-- Source material follows --
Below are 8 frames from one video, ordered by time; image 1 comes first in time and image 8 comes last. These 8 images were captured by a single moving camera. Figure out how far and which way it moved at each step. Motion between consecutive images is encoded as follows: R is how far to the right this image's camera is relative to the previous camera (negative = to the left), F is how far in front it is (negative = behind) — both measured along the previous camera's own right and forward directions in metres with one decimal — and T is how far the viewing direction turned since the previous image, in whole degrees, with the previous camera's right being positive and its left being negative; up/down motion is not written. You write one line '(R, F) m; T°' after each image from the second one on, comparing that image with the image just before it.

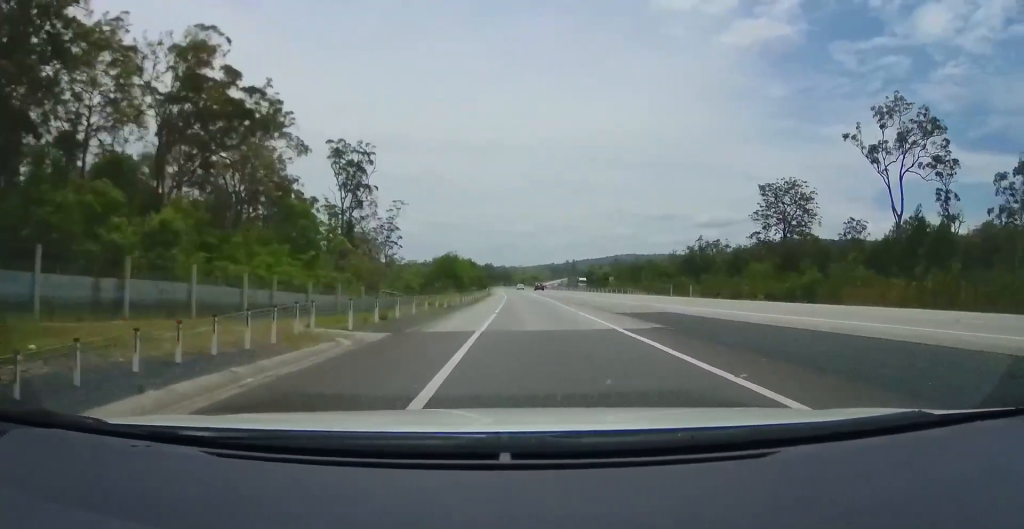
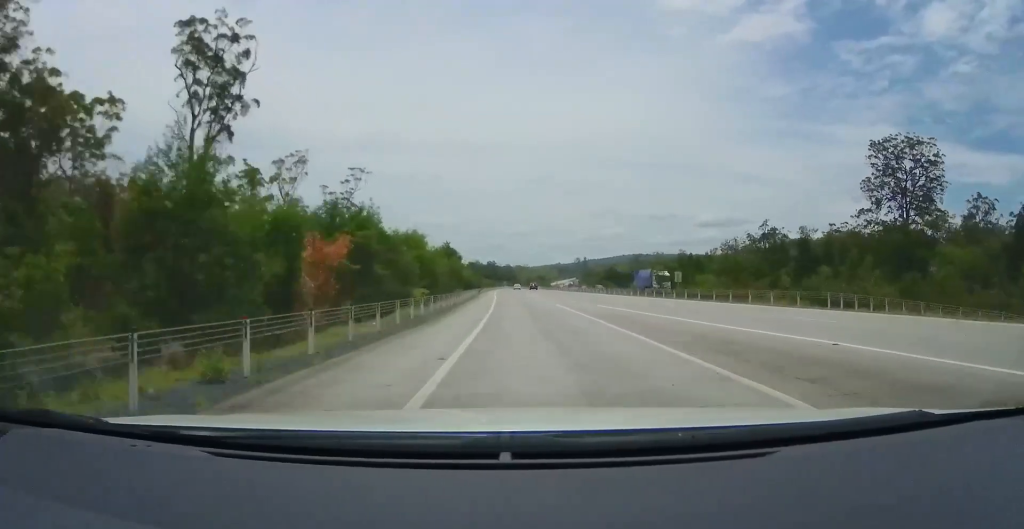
(+0.4, +44.7) m; 0°
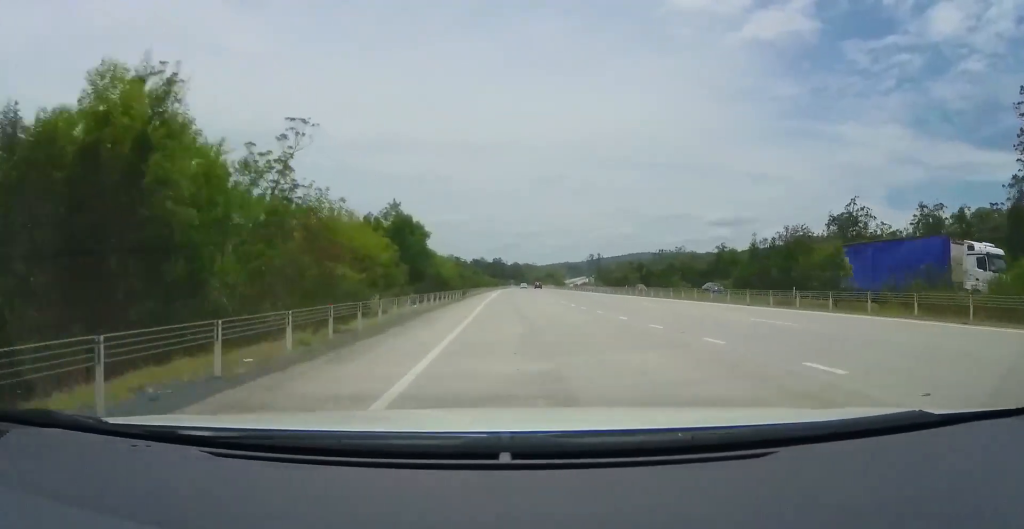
(-0.6, +36.5) m; 0°
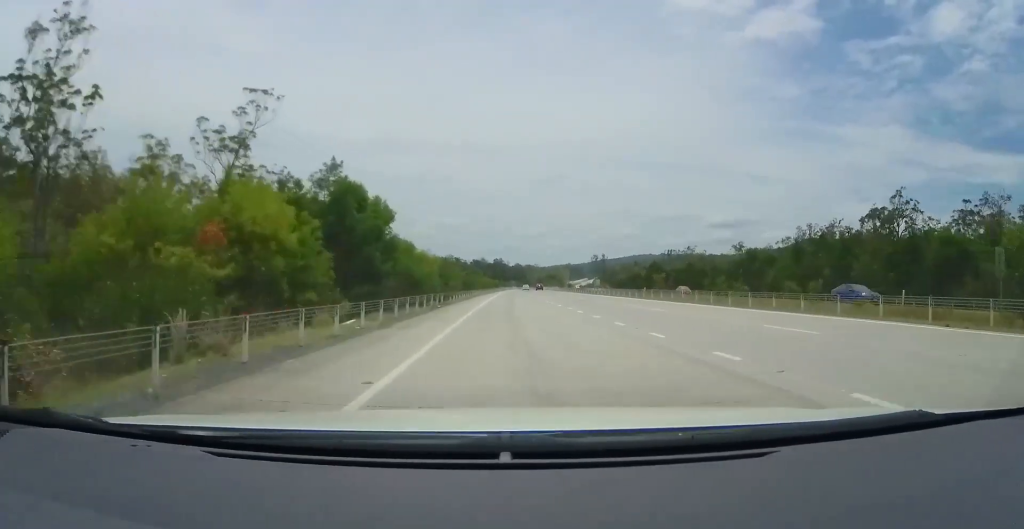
(+0.1, +13.1) m; 0°
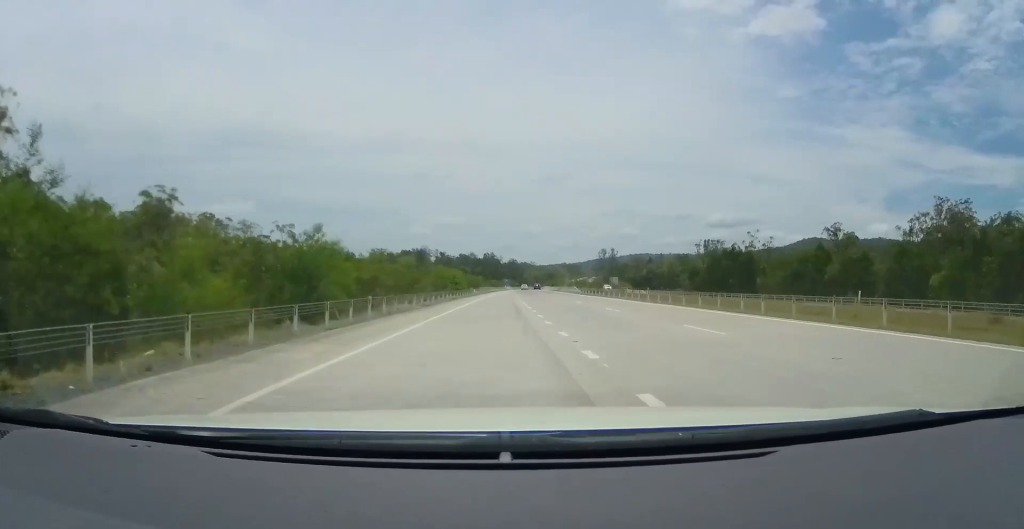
(-1.1, +57.6) m; -2°
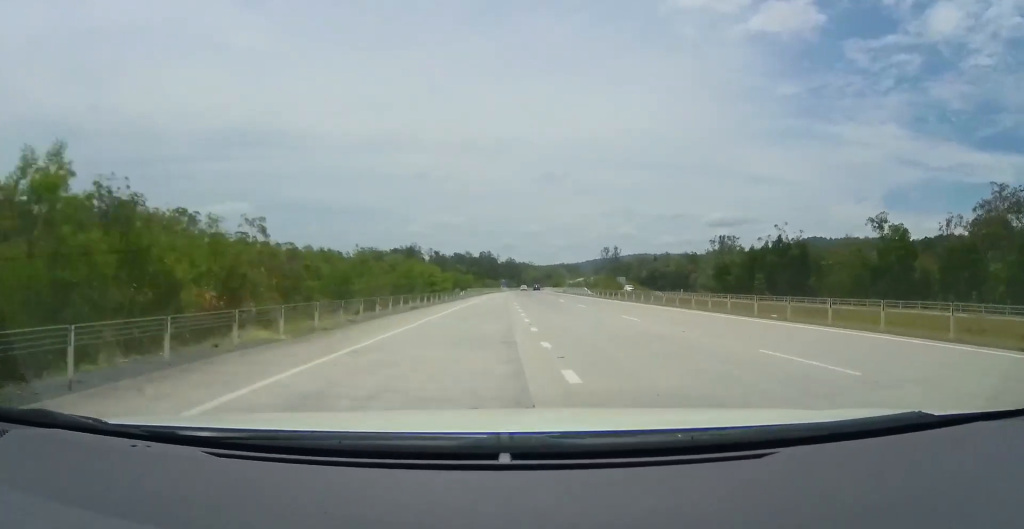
(+0.1, +17.6) m; +1°
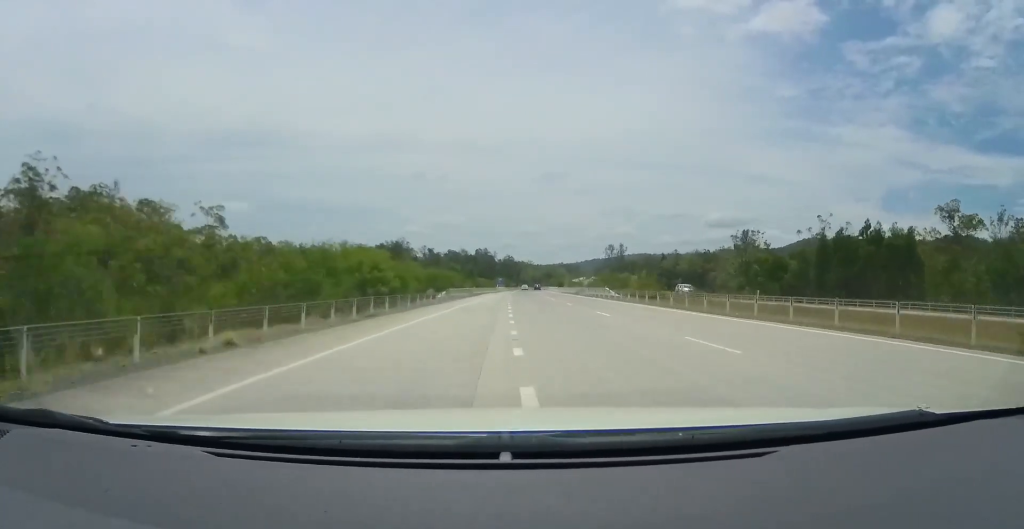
(+0.2, +21.4) m; +1°
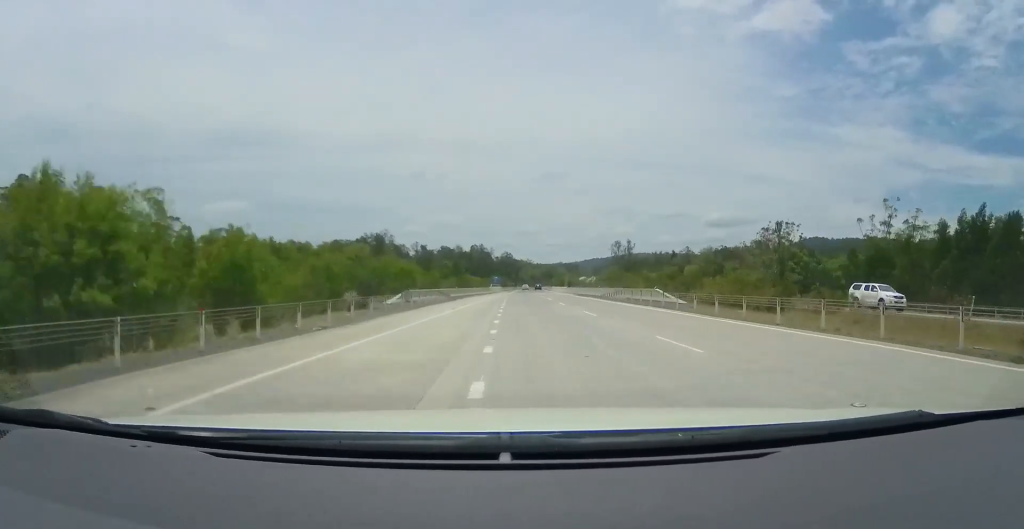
(+0.3, +23.0) m; 0°
-- Source material concluded --
» Your task
From the records given above, reproduce all text exactly and exclude each picture.

» Answer to this exercise
Below are 8 frames from one video, ordered by time; image 1 comes first in time and image 8 comes last. These 8 images were captured by a single moving camera. Figure out how far and which way it moved at each step. Motion between consecutive images is encoded as follows: R is how far to the right this image's camera is relative to the previous camera (negative = to the left), F is how far in front it is (negative = behind) — both measured along the previous camera's own right and forward directions in metres with one decimal — and T is how far the viewing direction turned since the previous image, in whole degrees, with the previous camera's right being positive and its left being negative; up/down motion is not written. You write one line '(R, F) m; T°' after each image from the second one on, comparing that image with the image just before it.

(+0.4, +44.7) m; 0°
(-0.6, +36.5) m; 0°
(+0.1, +13.1) m; 0°
(-1.1, +57.6) m; -2°
(+0.1, +17.6) m; +1°
(+0.2, +21.4) m; +1°
(+0.3, +23.0) m; 0°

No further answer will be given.